Serbian Orthodox Church head dies at 95
Last Updated: Sunday, November 15, 2009 | 10:06 AM ET
The Associated Press
Patriarch Pavle, who led Serbia's Christian Orthodox Church through its post-communist revival and the turbulent 1990s marked by ethnic conflicts in the Balkans, died Sunday. He was 95.
Patriarch Pavle, the head of the Serbian Orthodox church, is seen in this May 1, 2005 file photo.
(Darko Vojinovic/Associated Press) Pavle, who took over the church in 1990, had been hospitalized for more than a year. He had heart and lung problems. The church said he died of cardiac arrest.
Bells tolled from Serbian churches after the news of Pavle's death and the state-run television aired documentaries about his life.
A respected theologian and linguist also known for personal humility and modesty, Pavle took over the dominant Serbian church just as the collapse of communism ended years of state repression of religion.
He also headed the church during the turbulent years of the Balkan wars in the 1990s, and the collapse of former President Slobodan Milosevic's regime in 2000.
President Boris Tadic said Patriarch Pavle's death is a "huge loss" for the nation. Tadic said Pavle was "one of those people who by their very existence bring together the entire nation.
"His departure is my personal loss too," Tadic said, explaining he had often consulted with the patriarch about crucial national decisions.
Tadic added that Patriarch Pavle was respected worldwide by both the Orthodox Christian churches and the Pope.
Nationalist a possible successor to Pavle
The news about patriarch's death was first announced by influential Bishop Amfilohije, who has served as the acting head of church during most of Pavle's hospitalization. State TV showed Amfilohije breaking into tears as he told a gathering of believers that Pavle had died. A sobbing Amfilohije then said a prayer for the Patriarch.
There have been reports of a power struggle within the church over who will succeed Pavle.
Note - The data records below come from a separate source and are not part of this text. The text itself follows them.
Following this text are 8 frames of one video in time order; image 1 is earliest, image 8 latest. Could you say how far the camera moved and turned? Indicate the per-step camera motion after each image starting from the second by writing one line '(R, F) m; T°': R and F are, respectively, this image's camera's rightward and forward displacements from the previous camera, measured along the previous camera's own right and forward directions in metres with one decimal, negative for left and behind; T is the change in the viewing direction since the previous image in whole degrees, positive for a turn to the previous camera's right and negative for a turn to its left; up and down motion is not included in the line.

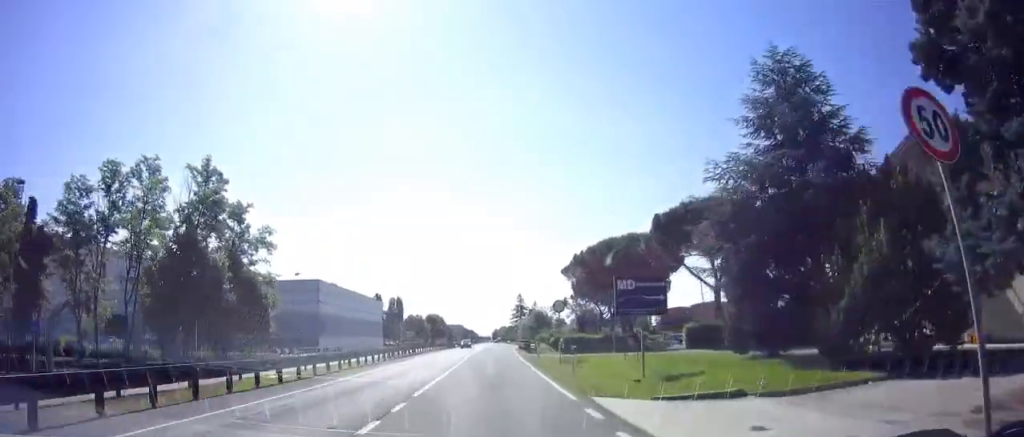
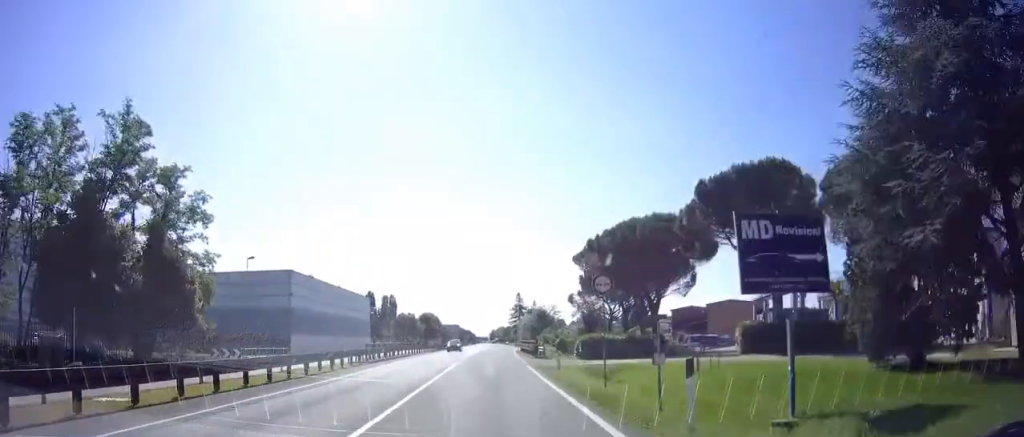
(+0.2, +10.3) m; 0°
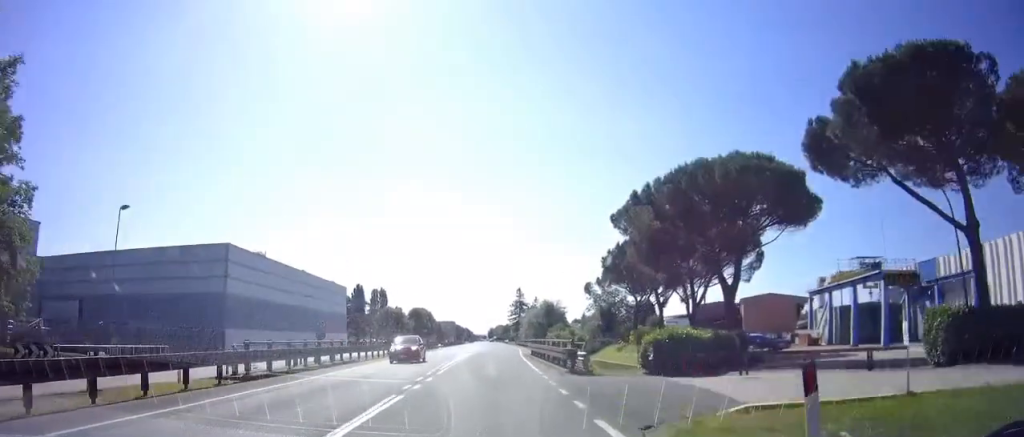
(-0.3, +17.5) m; 0°
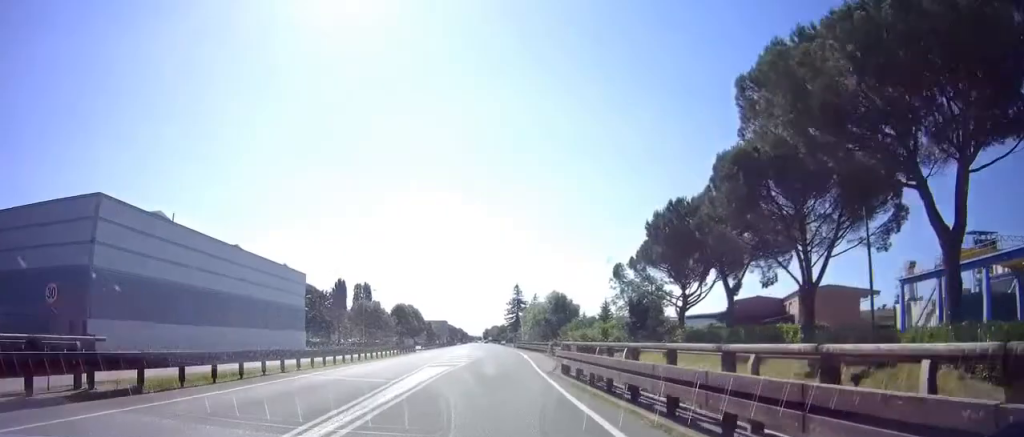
(+0.3, +20.0) m; +1°
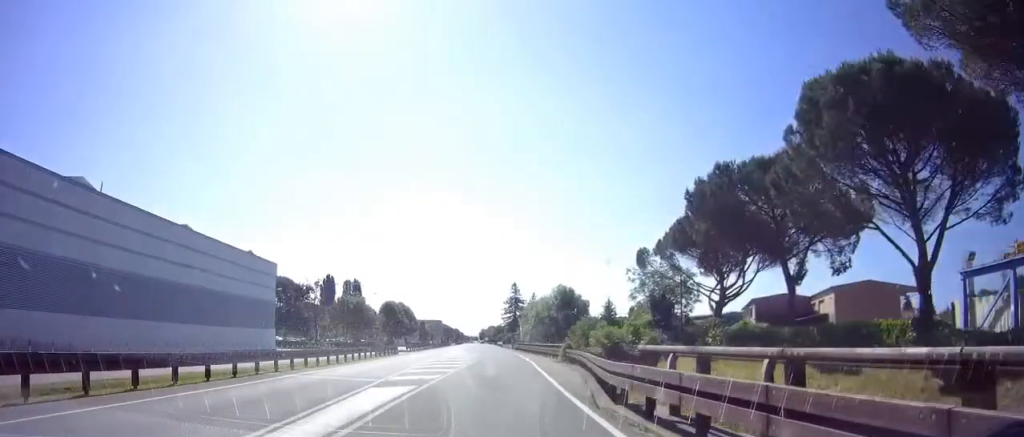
(0.0, +9.1) m; 0°
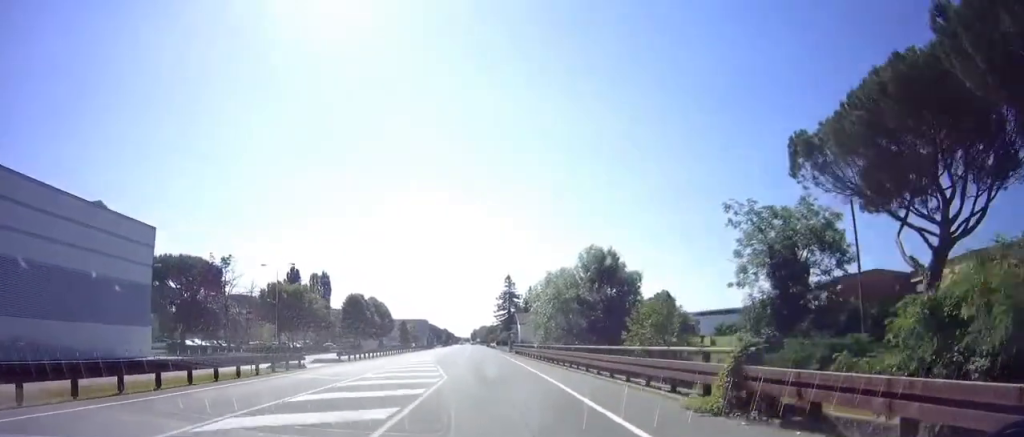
(-0.1, +25.7) m; -1°
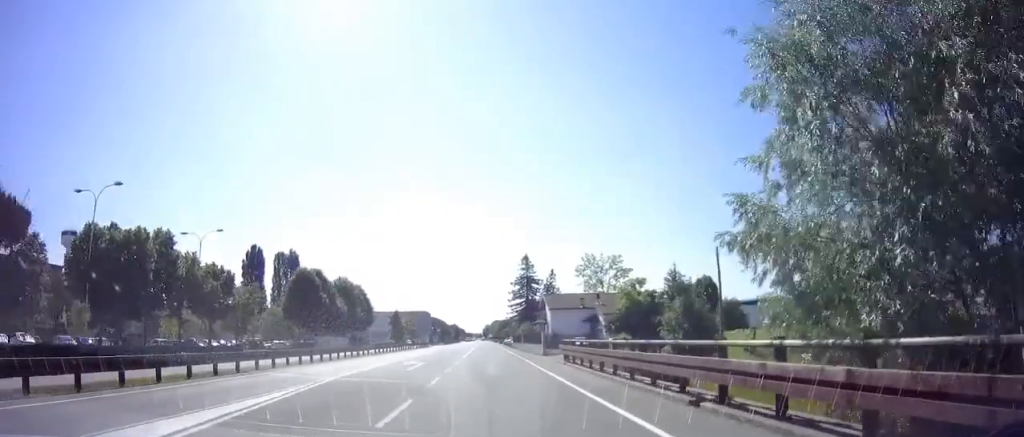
(-0.3, +33.3) m; 0°
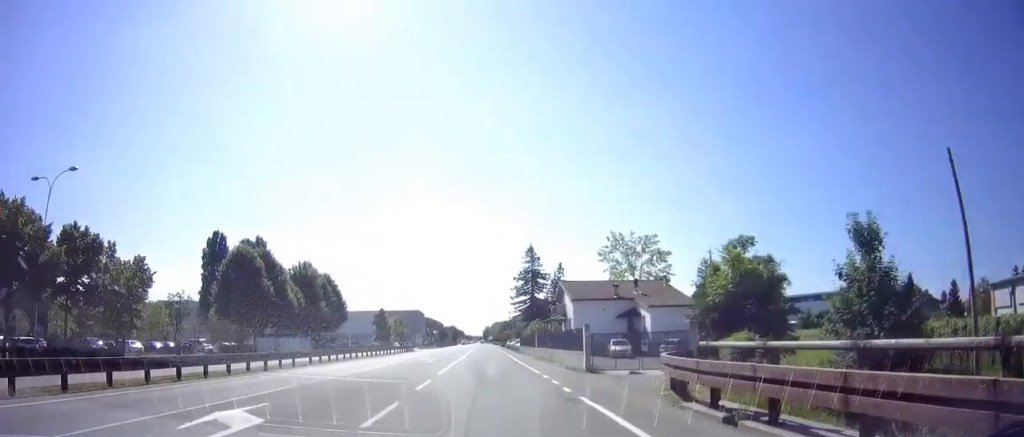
(+0.1, +18.0) m; 0°

Amfilohije, a hardliner known for his anti-Western and nationalist stands, is said to be the favourite.
The church said its highest body, the Holy Synod, is expected to meet early Monday, possibly to choose Pavle's successor.
Pavle often spoke against violence in the ethnic wars that Orthodox Serbs fought in the 1990s against Catholic Croats and Bosnian Muslims during the bloodiest conflict in Europe since the Second World War.
"God help us understand that we are human beings and that we must live as human beings, so that peace would come into our country and bring an end to the killing," Pavle had appealed — mostly in vain — in 1991 as fighting raged between Serbs and Croats over disputed territories in Croatia.
"It is only the will of the devil that is served by this war," the patriarch was quoted as saying in 1992. But he stopped short of naming names, notably not criticizing Milosevic.
The Serbian Church eventually broke with its tradition of formal neutrality in 2000, openly urging the Serbian strongman to step down after the regime's humiliating defeat in 1999 following NATO bombing that ended Milosevic's crackdown against ethnic Albanian separatists in Kosovo.
The church's demand for Milosevic's resignation — which he ignored — helped lead to the popular revolt that eventually ousted the autocratic president in October 2000. Milosevic died in 2006 during his trial on war crimes charges at a UN tribunal in The Hague, Netherlands.
The patriarch then launched a damage-control campaign for Kosovo, struggling to rally international support for protection of ancient Serbian churches and monasteries that came under attacks by Kosovo's mostly Muslim ethnic Albanians.
Critics, however, faulted him and other Serbian religious leaders for failing to be equally vocal when Serb troops previously destroyed Catholic churches and Muslim mosques in Croatia and Bosnia, or launched major ethnic-cleansing campaigns against non-Serbs in the Balkans.
Elected as Patriach in 1990
Pavle was born Gojko Stojcevic on Sept. 11, 1914, in the village of Kucani, which was part of the Austro-Hungarian empire at the time and is now in Croatia.
From 1944 to 1955, he was a monk at the Raca Monastery in central Serbia. From 1950, he lectured at the Prizen Seminary in Kosovo — the position which he retained until his election as Patriarch on Dec. 1, 1990.
Bishop Lavrentije said the Patriarch's death is no reason to be sad because, "the Serbian people now have someone to represent them before God better than anyone else."